In a raid at about 6 a.m. last Friday morning, police arrested Debrodrick Manning, 24, Brandon Gilbert, 23, LaFelix Turner, 19, Derrick Kyle, 19, Steven Manning, 25, and Adrian Butler, 20.

Urged by the police department to turn themselves in, Sondress Lotts, 35, and Earl James Tyler, 33 came forward Saturday. Dedrick Whaley, 20, also turned himself in.

Hannable Craig, 24, is still wanted on the felony charges.

The case has garnered state and some national attention, attracting media from Houston and the Associated Press to May's office.

Several residents outside the blocks surrounding the trailer park were unaware of the incident five days after the news broke. Others, who live just feet away from where the sex crime occurred, shared what they knew about that night in early March, but asked not to be named.

Even more trailer park residents, playing outside with children, sitting in folding chairs and hanging laundry, chose to avoid the topic, and eye contact.

Social media sites and town gossip said the teen was promiscuous and may have been using drugs.

Family and friends of the suspects created a Facebook page, "Justice for Innocent Suspects in Madisonville, TX," claiming the victim told the suspects she was 18 and that her mother had dropped her off to meet the group on the night of the incident. The page had received almost 500 "likes" from fans before being pulled down.

One adult woman posted on the page a photo of a girl she believed was the victim showing off a tattoo near her hip.

A relative of one suspect said the incident has been magnified because of race.

The page was no longer active Wednesday. May said the police department was not responsible for removing it, adding he would like to thank whoever had.

"Social media is a nightmare," May said. "If they're 16 years old and they had sex with an adult, the law is violated. It don't make a darn what she was, if she was a drug addict, if she consented or anything else. They violated the law by having sex with a juvenile. No matter what kind of sex it was."

May said the teen has been receiving counseling from Scotty's House, which provides services to abused children. She told authorities that she believed her assailants were going to kill her when she was assaulted with a deadly weapon. Police did not release details regarding the weapon.

Several requests to obtain arrest reports from the Madison County District Attorney's Office and the office of the Justice of the Peace were not returned Wednesday or Thursday. The Eagle filed an open records request for the probable cause statements in the case, but May said he couldn't release them because it remains under investigation.

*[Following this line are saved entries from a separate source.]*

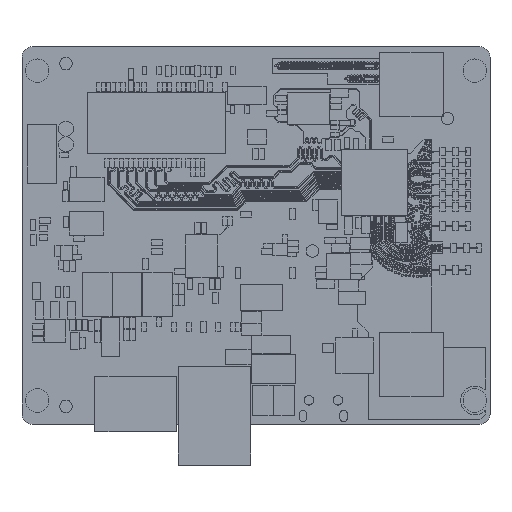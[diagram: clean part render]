
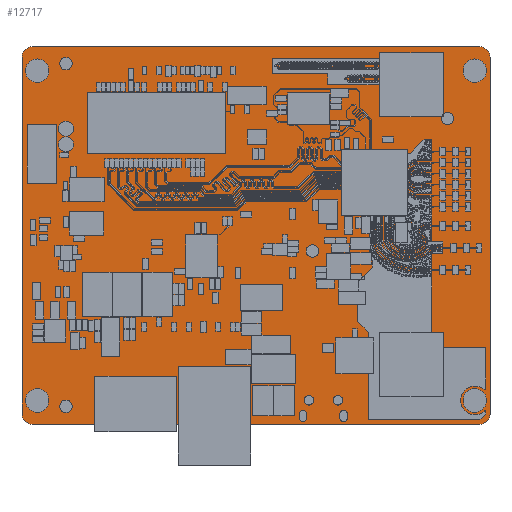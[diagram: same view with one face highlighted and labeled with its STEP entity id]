
A CAD part, top view. The second image highlights one B-rep face of the part: STEP entity #12717.
In plain terms, the highlighted planar face has unit normal (0, 0, 1).
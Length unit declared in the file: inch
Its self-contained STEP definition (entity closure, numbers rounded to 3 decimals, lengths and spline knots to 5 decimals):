
#11018=FACE_OUTER_BOUND($,#11603,.F.);
#11028=FACE_OUTER_BOUND($,#11613,.T.);
#11032=FACE_OUTER_BOUND($,#11617,.T.);
#11036=FACE_OUTER_BOUND($,#11621,.T.);
#11040=FACE_OUTER_BOUND($,#11625,.T.);
#11044=FACE_OUTER_BOUND($,#11629,.T.);
#11048=FACE_OUTER_BOUND($,#11633,.T.);
#11603=EDGE_LOOP($,(#24841,#24842,#24843,#24844,#24845,#24846,#24847,#24848));
#11613=EDGE_LOOP($,(#24889,#24890));
#11617=EDGE_LOOP($,(#24901,#24902));
#11621=EDGE_LOOP($,(#24913,#24914));
#11625=EDGE_LOOP($,(#24925,#24926));
#11629=EDGE_LOOP($,(#24937,#24938));
#11633=EDGE_LOOP($,(#24949,#24950));
#12188=PLANE($,#19665);
#12717=ADVANCED_FACE($,(#11018,#11028,#11032,#11036,#11040,#11044,#11048),
#12188,.T.);
#13286=VECTOR($,#39088,2.425);
#13287=VECTOR($,#39089,3.04);
#13288=VECTOR($,#39090,2.425);
#13289=VECTOR($,#39091,3.04);
#16208=LINE($,#46236,#13286);
#16209=LINE($,#46238,#13287);
#16210=LINE($,#46240,#13288);
#16211=LINE($,#46242,#13289);
#19130=CIRCLE($,#19661,0.07);
#19131=CIRCLE($,#19662,0.07);
#19132=CIRCLE($,#19663,0.07);
#19133=CIRCLE($,#19664,0.07);
#19138=CIRCLE($,#19679,0.08);
#19139=CIRCLE($,#19680,0.08);
#19142=CIRCLE($,#19685,0.08);
#19143=CIRCLE($,#19686,0.08);
#19146=CIRCLE($,#19691,0.08);
#19147=CIRCLE($,#19692,0.08);
#19150=CIRCLE($,#19697,0.08);
#19151=CIRCLE($,#19698,0.08);
#19154=CIRCLE($,#19703,0.0201);
#19155=CIRCLE($,#19704,0.0201);
#19158=CIRCLE($,#19709,0.0201);
#19159=CIRCLE($,#19710,0.0201);
#19661=AXIS2_PLACEMENT_3D($,#46244,#39085,$);
#19662=AXIS2_PLACEMENT_3D($,#46245,#39085,$);
#19663=AXIS2_PLACEMENT_3D($,#46246,#39085,$);
#19664=AXIS2_PLACEMENT_3D($,#46247,#39085,$);
#19665=AXIS2_PLACEMENT_3D($,#46236,#39085,$);
#19679=AXIS2_PLACEMENT_3D($,#46268,#39085,$);
#19680=AXIS2_PLACEMENT_3D($,#46269,#39085,$);
#19685=AXIS2_PLACEMENT_3D($,#46280,#39085,$);
#19686=AXIS2_PLACEMENT_3D($,#46281,#39085,$);
#19691=AXIS2_PLACEMENT_3D($,#46292,#39085,$);
#19692=AXIS2_PLACEMENT_3D($,#46293,#39085,$);
#19697=AXIS2_PLACEMENT_3D($,#46304,#39085,$);
#19698=AXIS2_PLACEMENT_3D($,#46305,#39085,$);
#19703=AXIS2_PLACEMENT_3D($,#46316,#39085,$);
#19704=AXIS2_PLACEMENT_3D($,#46317,#39085,$);
#19709=AXIS2_PLACEMENT_3D($,#46328,#39085,$);
#19710=AXIS2_PLACEMENT_3D($,#46329,#39085,$);
#24841=ORIENTED_EDGE($,*,*,#28958,.T.);
#24842=ORIENTED_EDGE($,*,*,#28959,.T.);
#24843=ORIENTED_EDGE($,*,*,#28960,.T.);
#24844=ORIENTED_EDGE($,*,*,#28961,.T.);
#24845=ORIENTED_EDGE($,*,*,#28962,.T.);
#24846=ORIENTED_EDGE($,*,*,#28963,.T.);
#24847=ORIENTED_EDGE($,*,*,#28964,.T.);
#24848=ORIENTED_EDGE($,*,*,#28965,.T.);
#24889=ORIENTED_EDGE($,*,*,#28983,.T.);
#24890=ORIENTED_EDGE($,*,*,#28984,.T.);
#24901=ORIENTED_EDGE($,*,*,#28990,.T.);
#24902=ORIENTED_EDGE($,*,*,#28991,.T.);
#24913=ORIENTED_EDGE($,*,*,#28997,.T.);
#24914=ORIENTED_EDGE($,*,*,#28998,.T.);
#24925=ORIENTED_EDGE($,*,*,#29004,.T.);
#24926=ORIENTED_EDGE($,*,*,#29005,.T.);
#24937=ORIENTED_EDGE($,*,*,#29011,.T.);
#24938=ORIENTED_EDGE($,*,*,#29012,.T.);
#24949=ORIENTED_EDGE($,*,*,#29018,.T.);
#24950=ORIENTED_EDGE($,*,*,#29019,.T.);
#28958=EDGE_CURVE($,#32411,#32412,#19130,.F.);
#28959=EDGE_CURVE($,#32412,#32413,#16208,.T.);
#28960=EDGE_CURVE($,#32413,#32414,#19131,.F.);
#28961=EDGE_CURVE($,#32414,#32415,#16209,.T.);
#28962=EDGE_CURVE($,#32415,#32416,#19132,.F.);
#28963=EDGE_CURVE($,#32416,#32417,#16210,.T.);
#28964=EDGE_CURVE($,#32417,#32418,#19133,.F.);
#28965=EDGE_CURVE($,#32418,#32411,#16211,.T.);
#28983=EDGE_CURVE($,#32429,#32430,#19138,.F.);
#28984=EDGE_CURVE($,#32430,#32429,#19139,.F.);
#28990=EDGE_CURVE($,#32435,#32436,#19142,.F.);
#28991=EDGE_CURVE($,#32436,#32435,#19143,.F.);
#28997=EDGE_CURVE($,#32441,#32442,#19146,.F.);
#28998=EDGE_CURVE($,#32442,#32441,#19147,.F.);
#29004=EDGE_CURVE($,#32447,#32448,#19150,.F.);
#29005=EDGE_CURVE($,#32448,#32447,#19151,.F.);
#29011=EDGE_CURVE($,#32453,#32454,#19154,.F.);
#29012=EDGE_CURVE($,#32454,#32453,#19155,.F.);
#29018=EDGE_CURVE($,#32459,#32460,#19158,.F.);
#29019=EDGE_CURVE($,#32460,#32459,#19159,.F.);
#32411=VERTEX_POINT($,#46235);
#32412=VERTEX_POINT($,#46236);
#32413=VERTEX_POINT($,#46237);
#32414=VERTEX_POINT($,#46238);
#32415=VERTEX_POINT($,#46239);
#32416=VERTEX_POINT($,#46240);
#32417=VERTEX_POINT($,#46241);
#32418=VERTEX_POINT($,#46242);
#32429=VERTEX_POINT($,#46265);
#32430=VERTEX_POINT($,#46266);
#32435=VERTEX_POINT($,#46277);
#32436=VERTEX_POINT($,#46278);
#32441=VERTEX_POINT($,#46289);
#32442=VERTEX_POINT($,#46290);
#32447=VERTEX_POINT($,#46301);
#32448=VERTEX_POINT($,#46302);
#32453=VERTEX_POINT($,#46313);
#32454=VERTEX_POINT($,#46314);
#32459=VERTEX_POINT($,#46325);
#32460=VERTEX_POINT($,#46326);
#39085=DIRECTION($,(0.,0.,1.));
#39088=DIRECTION($,(0.,-1.,0.));
#39089=DIRECTION($,(-1.,0.,0.));
#39090=DIRECTION($,(0.,1.,0.));
#39091=DIRECTION($,(1.,0.,0.));
#46235=CARTESIAN_POINT('',(3.00725,2.4025,0.));
#46236=CARTESIAN_POINT('',(3.07725,2.3325,0.));
#46237=CARTESIAN_POINT('',(3.07725,-0.0925,0.));
#46238=CARTESIAN_POINT('',(3.00725,-0.1625,0.));
#46239=CARTESIAN_POINT('',(-0.03275,-0.1625,0.));
#46240=CARTESIAN_POINT('',(-0.10275,-0.0925,0.));
#46241=CARTESIAN_POINT('',(-0.10275,2.3325,0.));
#46242=CARTESIAN_POINT('',(-0.03275,2.4025,0.));
#46244=CARTESIAN_POINT('',(3.00725,2.3325,0.));
#46245=CARTESIAN_POINT('',(3.00725,-0.0925,0.));
#46246=CARTESIAN_POINT('',(-0.03275,-0.0925,0.));
#46247=CARTESIAN_POINT('',(-0.03275,2.3325,0.));
#46265=CARTESIAN_POINT('',(3.0545,0.,0.));
#46266=CARTESIAN_POINT('',(2.8945,0.,0.));
#46268=CARTESIAN_POINT('',(2.9745,0.,0.));
#46269=CARTESIAN_POINT('',(2.9745,0.,0.));
#46277=CARTESIAN_POINT('',(3.0545,2.24,0.));
#46278=CARTESIAN_POINT('',(2.8945,2.24,0.));
#46280=CARTESIAN_POINT('',(2.9745,2.24,0.));
#46281=CARTESIAN_POINT('',(2.9745,2.24,0.));
#46289=CARTESIAN_POINT('',(0.08,0.,0.));
#46290=CARTESIAN_POINT('',(-0.08,0.,0.));
#46292=CARTESIAN_POINT('',(0.,0.,0.));
#46293=CARTESIAN_POINT('',(0.,0.,0.));
#46301=CARTESIAN_POINT('',(0.08,2.24,0.));
#46302=CARTESIAN_POINT('',(-0.08,2.24,0.));
#46304=CARTESIAN_POINT('',(0.,2.24,0.));
#46305=CARTESIAN_POINT('',(0.,2.24,0.));
#46313=CARTESIAN_POINT('',(1.23041,1.78114,0.));
#46314=CARTESIAN_POINT('',(1.19021,1.78114,0.));
#46316=CARTESIAN_POINT('',(1.21031,1.78114,0.));
#46317=CARTESIAN_POINT('',(1.21031,1.78114,0.));
#46325=CARTESIAN_POINT('',(0.43789,1.78114,0.));
#46326=CARTESIAN_POINT('',(0.39769,1.78114,0.));
#46328=CARTESIAN_POINT('',(0.41779,1.78114,0.));
#46329=CARTESIAN_POINT('',(0.41779,1.78114,0.));

May said the incident is a result of the "drug culture" in the small town. He said recent drug busts have involved mostly synthetic marijuana and methamphetamine.

A "fair share" of calls, he said, including disturbance calls to the department, occur in the trailer park on East Lance Street.

"We keep them stirred over there because we know what they are doing," May said.

A retired Houston police officer, Secret Service agent and officer with the Madisonville school district, May said he advises high school students to continue with their education and move outside the city.

"I tell every one of them, finish high school, get the hell out of Madisonville ... Come back to visit family and friends, but find yourself a job somewhere else because we have no other jobs besides mom-and-pop operations, fast food and Wal-Mart, the school district and Buc-ee's," he said. "If they come back here and don't have a job, they end up in the [drug] culture, so why come back? It's a good place to come visit, there's just not a lot of opportunity for career advancement here."

According to District Attorney Brian Risinger, the case is likely to go before a grand jury in July.